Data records
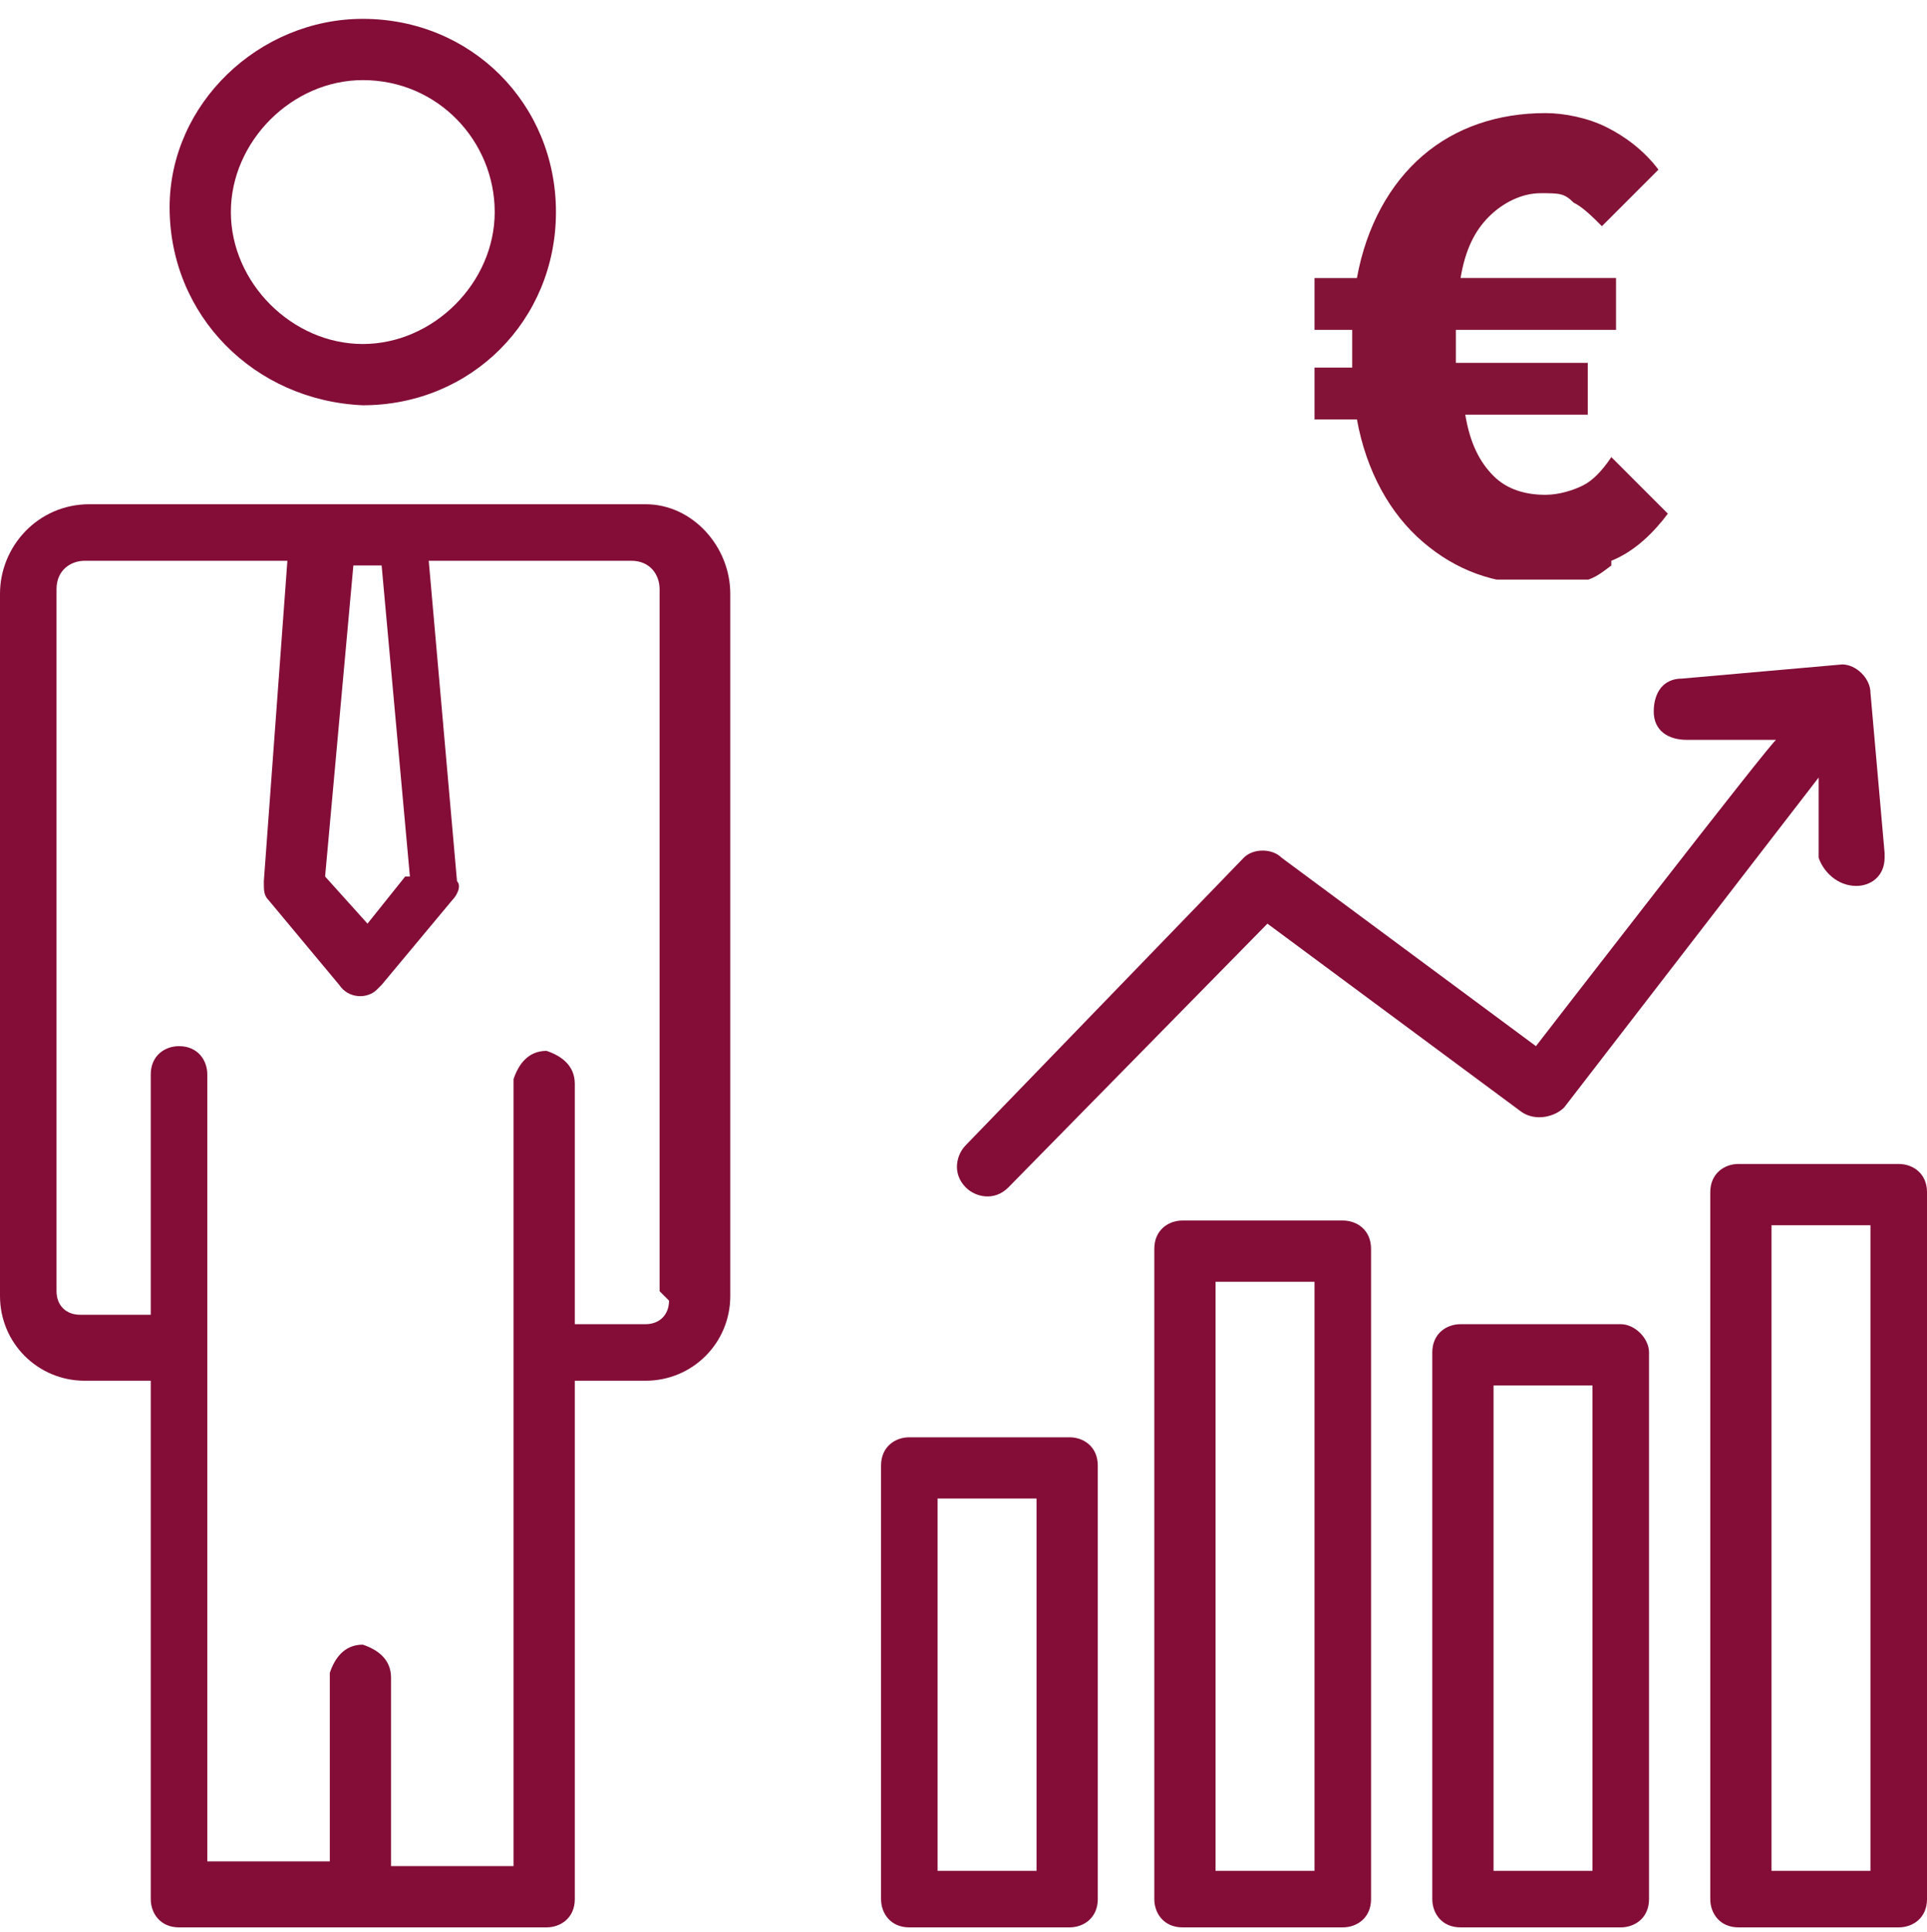 <?xml version="1.0" encoding="UTF-8"?>
<svg xmlns="http://www.w3.org/2000/svg" xmlns:xlink="http://www.w3.org/1999/xlink" xmlns:i="http://ns.adobe.com/AdobeIllustrator/10.0/" id="Ebene_1" version="1.1" viewBox="0 0 40.9 41">
  <!-- Generator: Adobe Illustrator 29.6.1, SVG Export Plug-In . SVG Version: 2.1.1 Build 9)  -->
  <defs>
    <style>
      .st0 {
        fill: none;
      }

      .st1 {
        fill: #831437;
      }

      .st2 {
        fill: #830d36;
      }

      .st3 {
        clip-path: url(#clippath);
      }
    </style>
    <clipPath id="clippath">
      <rect class="st0" x="27.9" y="2.3" width="7.6" height="10"></rect>
    </clipPath>
  </defs>
  <g id="noun_Business_analyst_2033302">
    <path id="Pfad_55" class="st2" d="M13.6,10.7H1.9c-1.1,0-1.9.9-1.9,1.9v14.9c0,1,.8,1.8,1.8,1.8,0,0,0,0,0,0h1.4v11c0,.3.2.6.6.6,0,0,0,0,0,0h7.8c.3,0,.6-.2.6-.6,0,0,0,0,0,0v-11h1.5c1,0,1.8-.8,1.8-1.8,0,0,0,0,0,0v-14.9c0-1-.8-1.9-1.8-1.9,0,0,0,0,0,0ZM8.6,18.6l-.8,1-.9-1,.6-6.6h.6l.6,6.6ZM14.2,27.6c0,.3-.2.5-.5.5,0,0,0,0,0,0h-1.5v-5.1c0-.4-.3-.6-.6-.7-.4,0-.6.3-.7.6,0,0,0,0,0,0v16.7h-2.6v-4c0-.4-.3-.6-.6-.7-.4,0-.6.3-.7.6,0,0,0,0,0,0v4h-2.6v-11h0v-5.7c0-.3-.2-.6-.6-.6,0,0,0,0,0,0-.3,0-.6.2-.6.6,0,0,0,0,0,0v5.1h-1.5c-.3,0-.5-.2-.5-.5,0,0,0,0,0,0v-14.9c0-.4.3-.6.6-.6h4.3l-.5,6.8c0,.2,0,.3.1.4l1.5,1.8c.2.3.6.3.8.1,0,0,0,0,.1-.1l1.5-1.8c.1-.1.2-.3.1-.4l-.6-6.8h4.3c.4,0,.6.3.6.6v14.9Z"></path>
    <path id="Pfad_56" class="st2" d="M7.7,8.6c2.3,0,4.1-1.8,4.1-4.1,0-2.3-1.8-4.1-4.1-4.1-2.2,0-4.1,1.8-4.1,4,0,2.3,1.8,4.1,4.1,4.2ZM7.7,1.7c1.6,0,2.8,1.3,2.8,2.8s-1.3,2.8-2.8,2.8-2.8-1.3-2.8-2.8c0-1.5,1.3-2.8,2.8-2.8Z"></path>
    <path id="Pfad_57" class="st2" d="M22.7,30.5h-3.4c-.3,0-.6.2-.6.6,0,0,0,0,0,0v9.2c0,.3.2.6.6.6,0,0,0,0,0,0h3.4c.3,0,.6-.2.6-.6,0,0,0,0,0,0v-9.2c0-.4-.3-.6-.6-.6ZM22,39.7h-2.1v-7.9h2.1v7.9Z"></path>
    <path id="Pfad_58" class="st2" d="M28.5,25.9h-3.4c-.3,0-.6.2-.6.6,0,0,0,0,0,0v13.8c0,.3.2.6.6.6,0,0,0,0,0,0h3.4c.3,0,.6-.2.6-.6,0,0,0,0,0,0v-13.8c0-.4-.3-.6-.6-.6ZM27.9,39.7h-2.1v-12.5h2.1v12.5Z"></path>
    <path id="Pfad_59" class="st2" d="M34.4,28.1h-3.4c-.3,0-.6.2-.6.6,0,0,0,0,0,0v11.6c0,.3.2.6.6.6,0,0,0,0,0,0h3.4c.3,0,.6-.2.6-.6,0,0,0,0,0,0v-11.6c0-.3-.3-.6-.6-.6ZM33.8,39.7h-2.1v-10.3h2.1v10.3Z"></path>
    <path id="Pfad_60" class="st2" d="M40.3,24.7h-3.4c-.3,0-.6.2-.6.6,0,0,0,0,0,0v15c0,.3.2.6.6.6,0,0,0,0,0,0h3.4c.3,0,.6-.2.6-.6,0,0,0,0,0,0v-15c0-.4-.3-.6-.6-.6ZM39.7,39.7h-2.1v-13.7h2.1v13.7Z"></path>
    <path id="Pfad_61" class="st2" d="M26.9,19.6l5.4,4c.3.2.7.1.9-.1l5.4-7v1.7c.1.3.4.6.8.6,0,0,0,0,0,0,.3,0,.6-.2.6-.6,0,0,0,0,0-.1l-.3-3.4c0-.3-.3-.6-.6-.6,0,0,0,0,0,0l-3.4.3c-.4,0-.6.3-.6.7,0,.4.3.6.7.6,0,0,0,0,0,0h1.9c0-.1-5.1,6.5-5.1,6.5l-5.4-4c-.2-.2-.6-.2-.8,0l-5.9,6.1c-.2.2-.3.6,0,.9,0,0,0,0,0,0h0c.2.2.6.3.9,0,0,0,0,0,0,0l5.6-5.7Z"></path>
  </g>
  <g class="st3">
    <path class="st1" d="M34.2,11.9c.5-.2.9-.6,1.2-1l-1.2-1.2c-.2.3-.4.5-.6.6-.2.1-.5.2-.8.2-.4,0-.8-.1-1.1-.4-.3-.3-.5-.7-.6-1.3h2.6v-1.1h-2.8c0,0,0-.1,0-.2v-.5h3.4v-1.1h-3.3c.1-.6.3-1,.6-1.3.3-.3.7-.5,1.1-.5s.5,0,.7.2c.2.1.4.3.6.5l1.2-1.2c-.3-.4-.7-.7-1.1-.9-.4-.2-.9-.3-1.3-.3-1,0-1.9.3-2.6.9-.7.6-1.2,1.5-1.4,2.6h-.9v1.1h.8c0,0,0,.1,0,.2v.4c0,0,0,.1,0,.2h-.8v1.1h.9c.2,1.1.7,2,1.4,2.6.7.6,1.5.9,2.5.9s1.1-.1,1.5-.4"></path>
  </g>
</svg>

→ **WHAT IS REQUIRED**
Apart from the images, the entries above must be returned without alteration.

→ **SOLUTION TO THIS PROBLEM**
 <?xml version="1.0" encoding="UTF-8"?>
<svg xmlns="http://www.w3.org/2000/svg" xmlns:xlink="http://www.w3.org/1999/xlink" xmlns:i="http://ns.adobe.com/AdobeIllustrator/10.0/" id="Ebene_1" version="1.1" viewBox="0 0 40.9 41">
  <!-- Generator: Adobe Illustrator 29.6.1, SVG Export Plug-In . SVG Version: 2.1.1 Build 9)  -->
  <defs>
    <style>
      .st0 {
        fill: none;
      }

      .st1 {
        fill: #831437;
      }

      .st2 {
        fill: #830d36;
      }

      .st3 {
        clip-path: url(#clippath);
      }
    </style>
    <clipPath id="clippath">
      <rect class="st0" x="27.9" y="2.3" width="7.6" height="10"></rect>
    </clipPath>
  </defs>
  <g id="noun_Business_analyst_2033302">
    <path id="Pfad_55" class="st2" d="M13.6,10.7H1.9c-1.1,0-1.9.9-1.9,1.9v14.9c0,1,.8,1.8,1.8,1.8,0,0,0,0,0,0h1.4v11c0,.3.2.6.6.6,0,0,0,0,0,0h7.8c.3,0,.6-.2.6-.6,0,0,0,0,0,0v-11h1.5c1,0,1.8-.8,1.8-1.8,0,0,0,0,0,0v-14.9c0-1-.8-1.9-1.8-1.9,0,0,0,0,0,0ZM8.6,18.6l-.8,1-.9-1,.6-6.6h.6l.6,6.6ZM14.2,27.6c0,.3-.2.5-.5.5,0,0,0,0,0,0h-1.5v-5.1c0-.4-.3-.6-.6-.7-.4,0-.6.3-.7.6,0,0,0,0,0,0v16.7h-2.6v-4c0-.4-.3-.6-.6-.7-.4,0-.6.3-.7.6,0,0,0,0,0,0v4h-2.6v-11h0v-5.7c0-.3-.2-.6-.6-.6,0,0,0,0,0,0-.3,0-.6.2-.6.6,0,0,0,0,0,0v5.1h-1.5c-.3,0-.5-.2-.5-.5,0,0,0,0,0,0v-14.9c0-.4.3-.6.6-.6h4.3l-.5,6.8c0,.2,0,.3.1.4l1.5,1.8c.2.3.6.3.8.1,0,0,0,0,.1-.1l1.5-1.8c.1-.1.2-.3.1-.4l-.6-6.8h4.3c.4,0,.6.3.6.6v14.9Z"></path>
    <path id="Pfad_56" class="st2" d="M7.7,8.6c2.3,0,4.1-1.8,4.1-4.1,0-2.3-1.8-4.1-4.1-4.1-2.2,0-4.1,1.8-4.1,4,0,2.3,1.8,4.1,4.1,4.2ZM7.7,1.7c1.6,0,2.8,1.3,2.8,2.8s-1.3,2.8-2.8,2.8-2.8-1.3-2.8-2.8c0-1.5,1.3-2.8,2.8-2.8Z"></path>
    <path id="Pfad_57" class="st2" d="M22.7,30.5h-3.4c-.3,0-.6.2-.6.6,0,0,0,0,0,0v9.2c0,.3.2.6.6.6,0,0,0,0,0,0h3.4c.3,0,.6-.2.6-.6,0,0,0,0,0,0v-9.2c0-.4-.3-.6-.6-.6ZM22,39.7h-2.1v-7.9h2.1v7.9Z"></path>
    <path id="Pfad_58" class="st2" d="M28.5,25.9h-3.4c-.3,0-.6.2-.6.6,0,0,0,0,0,0v13.8c0,.3.2.6.6.6,0,0,0,0,0,0h3.4c.3,0,.6-.2.6-.6,0,0,0,0,0,0v-13.8c0-.4-.3-.6-.6-.6ZM27.9,39.7h-2.1v-12.5h2.1v12.5Z"></path>
    <path id="Pfad_59" class="st2" d="M34.4,28.1h-3.4c-.3,0-.6.2-.6.6,0,0,0,0,0,0v11.6c0,.3.2.6.6.6,0,0,0,0,0,0h3.4c.3,0,.6-.2.6-.6,0,0,0,0,0,0v-11.6c0-.3-.3-.6-.6-.6ZM33.8,39.7h-2.1v-10.3h2.1v10.3Z"></path>
    <path id="Pfad_60" class="st2" d="M40.3,24.7h-3.4c-.3,0-.6.2-.6.6,0,0,0,0,0,0v15c0,.3.2.6.6.6,0,0,0,0,0,0h3.4c.3,0,.6-.2.6-.6,0,0,0,0,0,0v-15c0-.4-.3-.6-.6-.6ZM39.7,39.7h-2.1v-13.7h2.1v13.7Z"></path>
    <path id="Pfad_61" class="st2" d="M26.9,19.6l5.4,4c.3.2.7.1.9-.1l5.4-7v1.7c.1.3.4.6.8.6,0,0,0,0,0,0,.3,0,.6-.2.6-.6,0,0,0,0,0-.1l-.3-3.4c0-.3-.3-.6-.6-.6,0,0,0,0,0,0l-3.4.3c-.4,0-.6.3-.6.7,0,.4.3.6.7.6,0,0,0,0,0,0h1.9c0-.1-5.1,6.5-5.1,6.5l-5.4-4c-.2-.2-.6-.2-.8,0l-5.9,6.1c-.2.2-.3.6,0,.9,0,0,0,0,0,0h0c.2.2.6.3.9,0,0,0,0,0,0,0l5.6-5.7Z"></path>
  </g>
  <g class="st3">
    <path class="st1" d="M34.2,11.9c.5-.2.9-.6,1.2-1l-1.2-1.2c-.2.3-.4.5-.6.6-.2.1-.5.2-.8.2-.4,0-.8-.1-1.1-.4-.3-.3-.5-.7-.6-1.3h2.6v-1.1h-2.8c0,0,0-.1,0-.2v-.5h3.4v-1.1h-3.3c.1-.6.3-1,.6-1.3.3-.3.7-.5,1.1-.5s.5,0,.7.2c.2.1.4.3.6.5l1.2-1.2c-.3-.4-.7-.7-1.1-.9-.4-.2-.9-.3-1.3-.3-1,0-1.9.3-2.6.9-.7.6-1.2,1.5-1.4,2.6h-.9v1.1h.8c0,0,0,.1,0,.2v.4c0,0,0,.1,0,.2h-.8v1.1h.9c.2,1.1.7,2,1.4,2.6.7.6,1.5.9,2.5.9s1.1-.1,1.5-.4"></path>
  </g>
</svg>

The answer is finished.